Stored items from a collection:
────────

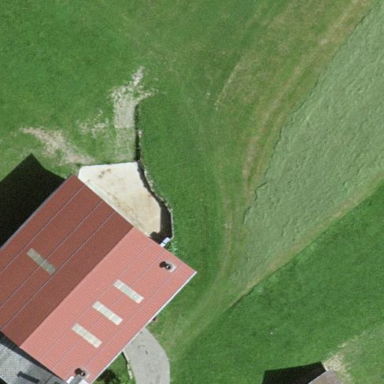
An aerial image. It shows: Cowshed building.
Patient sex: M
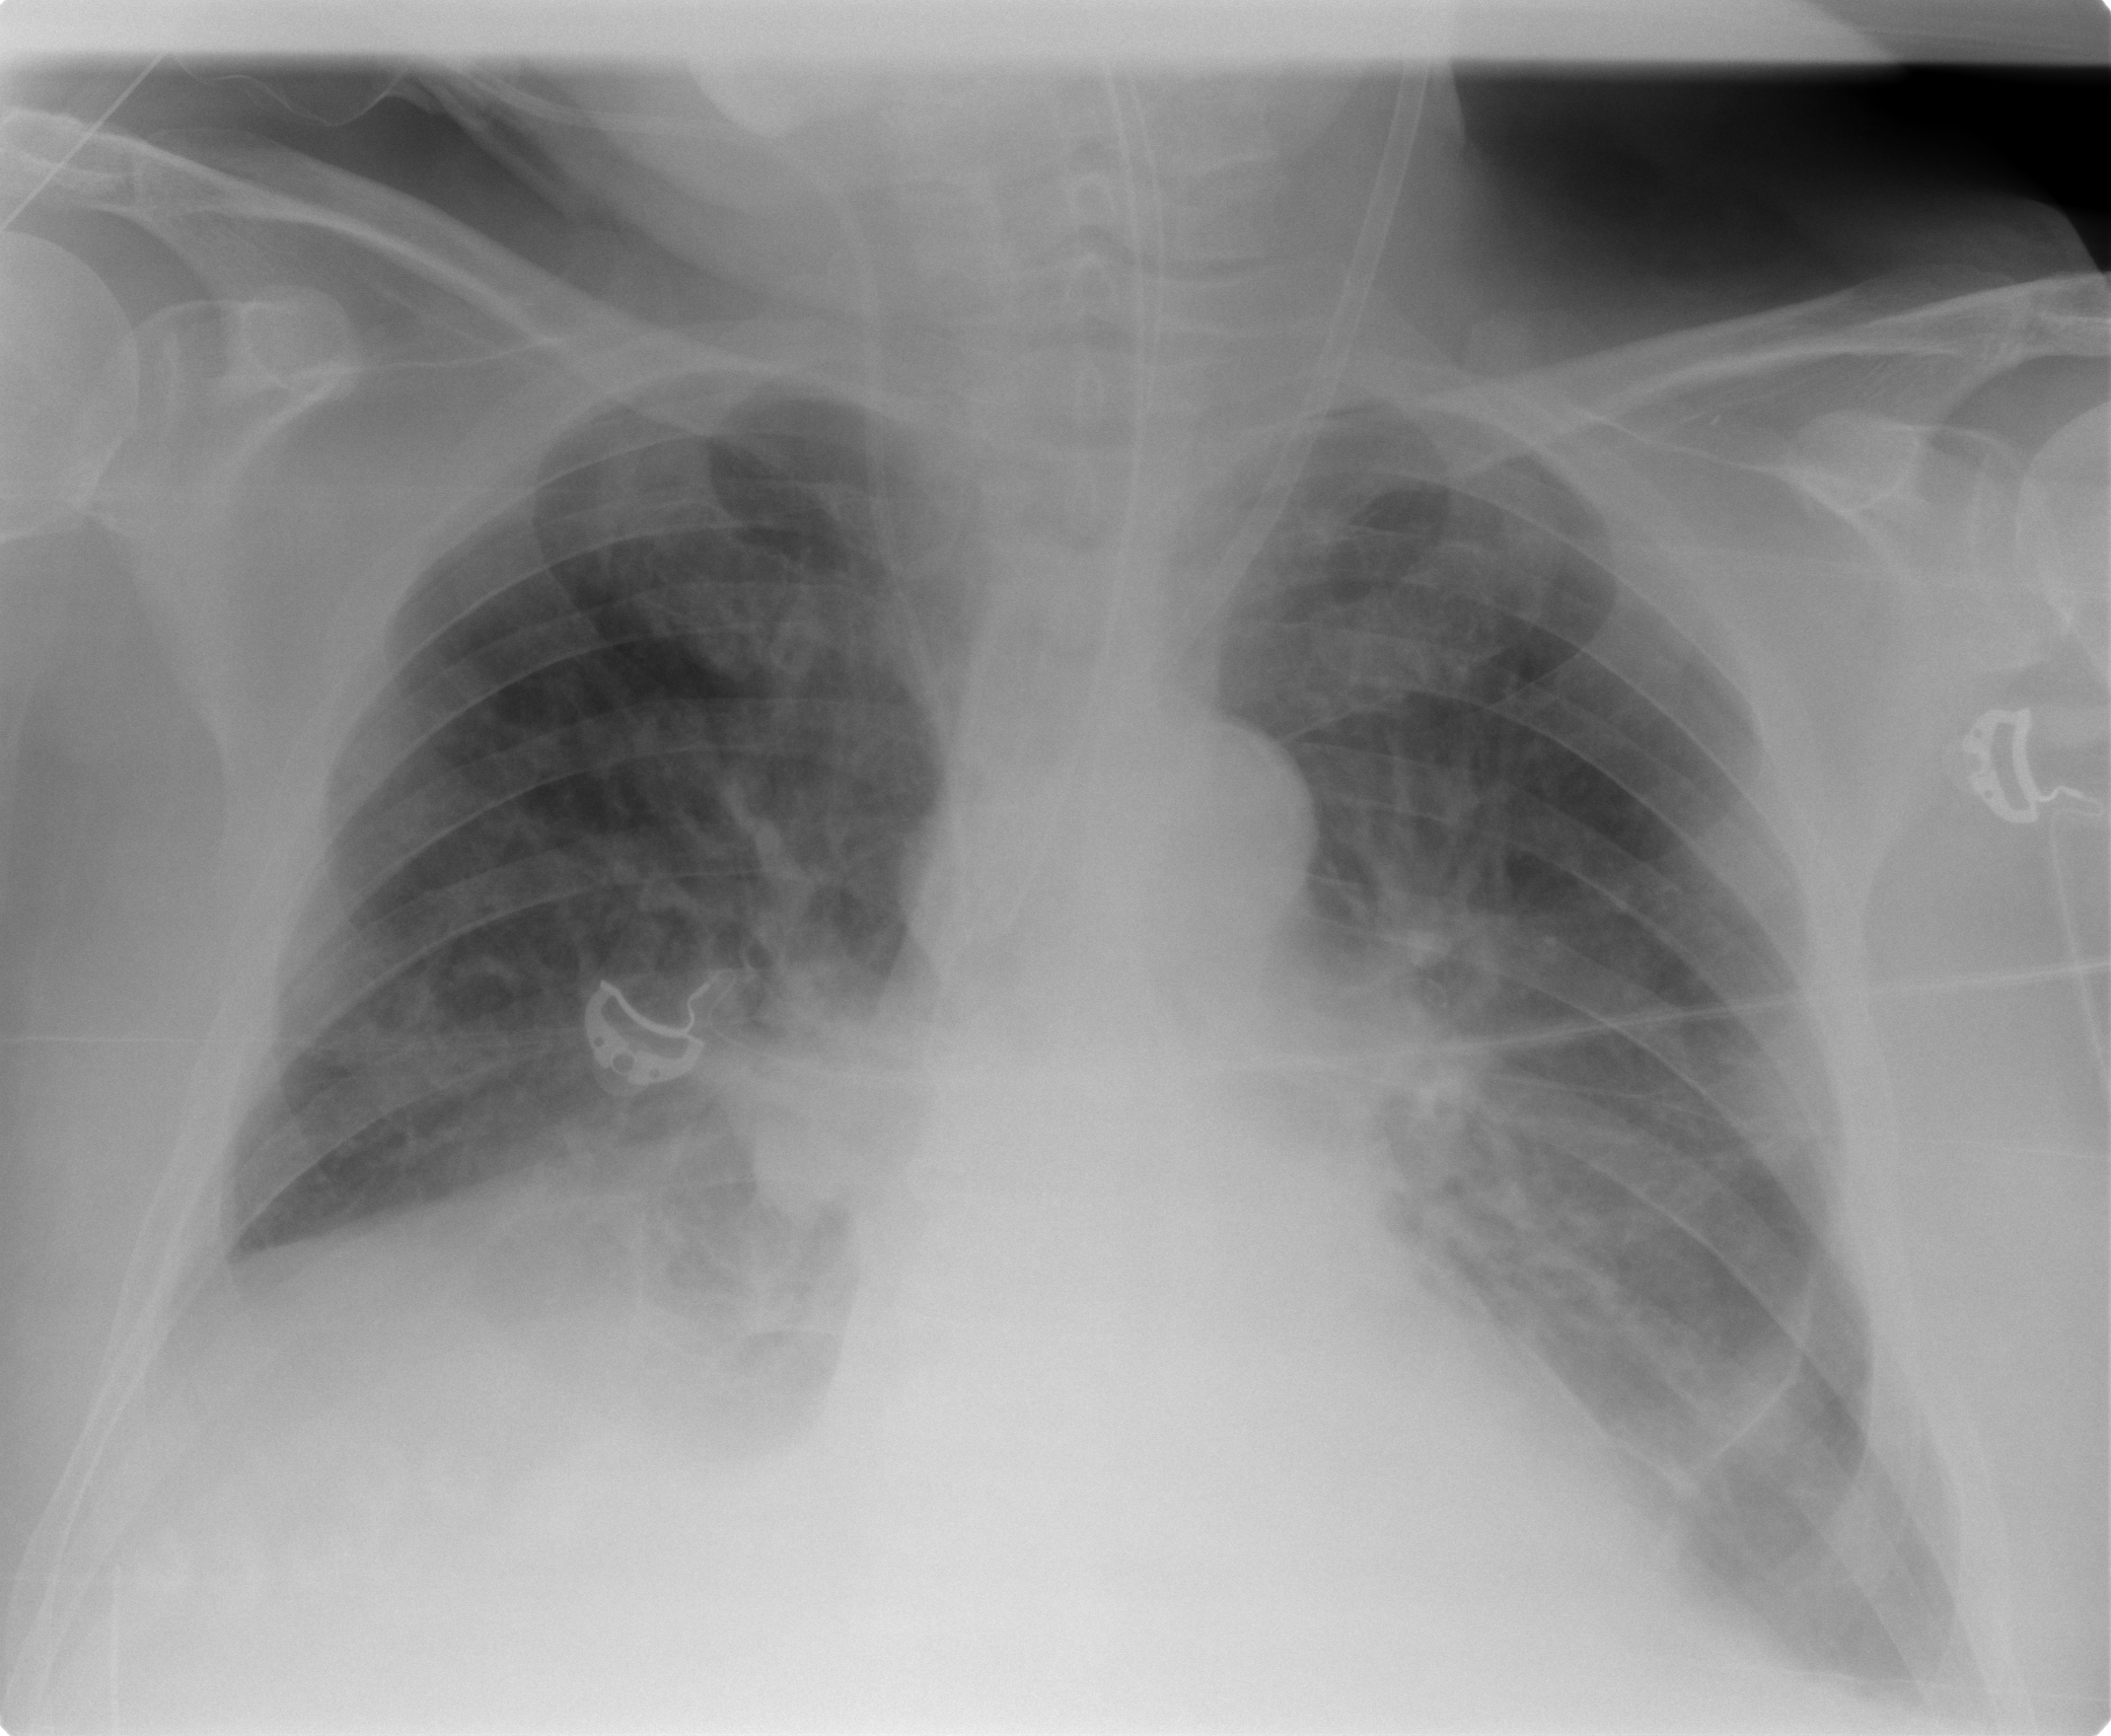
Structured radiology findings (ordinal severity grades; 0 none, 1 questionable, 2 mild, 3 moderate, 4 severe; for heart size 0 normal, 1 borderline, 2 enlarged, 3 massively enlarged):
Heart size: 2
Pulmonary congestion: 2
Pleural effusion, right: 2
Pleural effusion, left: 2
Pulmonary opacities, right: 1
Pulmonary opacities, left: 1
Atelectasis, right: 2
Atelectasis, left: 2

────────

• **YOUR OBJECTIVE**:
Beginning with the line that holds "Structured radiology findings", please give again each line exactly until the records end, and include that final line.

• **EXERCISE RESPONSE**:
Structured radiology findings (ordinal severity grades; 0 none, 1 questionable, 2 mild, 3 moderate, 4 severe; for heart size 0 normal, 1 borderline, 2 enlarged, 3 massively enlarged):
Heart size: 2
Pulmonary congestion: 2
Pleural effusion, right: 2
Pleural effusion, left: 2
Pulmonary opacities, right: 1
Pulmonary opacities, left: 1
Atelectasis, right: 2
Atelectasis, left: 2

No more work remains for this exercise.